SAF FILES MEMORANDUM FOR PRELIMINARY INJUNCTION

BELLEVUE, WA – Attorneys for the Second Amendment Foundation’s challenge of California’s new law that includes a one-way fee-shifting penalty to discourage lawsuits against restrictive gun laws have filed a memorandum of points and authorities in support of their motion for a preliminary injunction.

Attorneys Bradley A. Benbrook and Stephen M. Duvernay of the Benbrook Law Group, PC, and David H. Thompson, Peter A. Patterson and Joseph O. Masterman of Cooper & Kirk, PLLC filed the memorandum, which asserts plaintiffs have already suffered harm due to the constitutional violations contained in the new law.

The lawsuit, and this new memorandum, allege the law (Section 1021.11 of the California Penal Code) is unconstitutional under the Supremacy Clause, and that it also violates the First Amendment right to petition the government for redress of grievances. The statute also discriminates against gun rights plaintiffs in violation of the Equal Protection Clause of the 14th Amendment, according to the lawsuit.
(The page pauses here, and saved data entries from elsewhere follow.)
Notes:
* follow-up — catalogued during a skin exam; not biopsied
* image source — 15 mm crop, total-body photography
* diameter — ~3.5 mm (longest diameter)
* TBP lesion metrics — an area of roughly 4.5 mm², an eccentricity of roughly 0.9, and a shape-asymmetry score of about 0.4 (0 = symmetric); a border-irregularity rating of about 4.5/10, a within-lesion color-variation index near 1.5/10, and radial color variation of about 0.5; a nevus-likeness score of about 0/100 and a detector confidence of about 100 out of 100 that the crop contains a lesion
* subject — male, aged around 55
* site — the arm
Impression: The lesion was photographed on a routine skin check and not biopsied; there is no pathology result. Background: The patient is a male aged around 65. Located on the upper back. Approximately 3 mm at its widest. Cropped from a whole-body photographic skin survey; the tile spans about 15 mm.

SAF is joined by Gunfighter Tactical, LLC, PWGG, L.P., the San Diego County Gun Owners’ PAC, California Gun Rights Foundation, Firearms Policy Coalition, Inc., Dillon Law Group, P.C., John Phillips, Ryan Peterson, George M. Lee, John W. Dillon and James Miller, for whom the lawsuit is named.
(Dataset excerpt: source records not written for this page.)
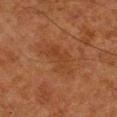Part of a total-body skin-imaging series; this lesion was reviewed on a skin check and was not flagged for biopsy.
This is a cross-polarized tile.
A male patient, approximately 80 years of age.
Automated tile analysis of the lesion measured a lesion area of about 10 mm², an outline eccentricity of about 0.9 (0 = round, 1 = elongated), and a shape-asymmetry score of about 0.35 (0 = symmetric). The software also gave border irregularity of about 4.5 on a 0–10 scale, a color-variation rating of about 2/10, and radial color variation of about 0.5.
Measured at roughly 5.5 mm in maximum diameter.
This image is a 15 mm lesion crop taken from a total-body photograph.
Located on the leg.

The new motion also says Section 1021.11 has “caused several Plaintiffs to dismiss or refrain from bringing additional lawsuits challenging other California firearms regulations that they believe are unconstitutional.”
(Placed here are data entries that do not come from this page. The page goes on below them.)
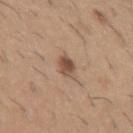| key | value |
|---|---|
| workup | no biopsy performed (imaged during a skin exam) |
| imaging modality | 15 mm crop, total-body photography |
| subject | male, about 60 years old |
| size | about 3 mm |
| body site | the left upper arm |
| automated lesion analysis | a lesion area of about 4.5 mm² and a shape-asymmetry score of about 0.2 (0 = symmetric); a within-lesion color-variation index near 5.5/10 and peripheral color asymmetry of about 2 |
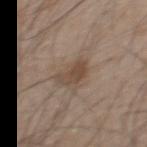Assessment:
Recorded during total-body skin imaging; not selected for excision or biopsy.
Context:
The lesion's longest dimension is about 3 mm. The tile uses white-light illumination. The lesion-visualizer software estimated an automated nevus-likeness rating near 55 out of 100 and lesion-presence confidence of about 100/100. From the mid back. A male subject, aged approximately 50. Cropped from a total-body skin-imaging series; the visible field is about 15 mm.

“We are pulling out all the stops in fighting this new statute because of its egregious nature,” said SAF founder and executive vice president Alan M. Gottlieb, one of the plaintiffs in the case known as Miller v. Bonta. “Section 1021.11 is part of Senate Bill 1327, adopted earlier this year in reaction to a Texas law passed last year, which is about abortion. The California law was crafted as a political response to the Texas statute, which California Attorney General Rob Bonta, the chief defendant in our case, described as ‘blatantly unconstitutional.’

“Bonta is trying to have it both ways,” Gottlieb continued. “He simply cannot protest a law he considers unconstitutional by enforcing another law which is equally unconstitutional in what amounts to a childish political snit that began with California Gov. Gavin Newsom and the California legislature.”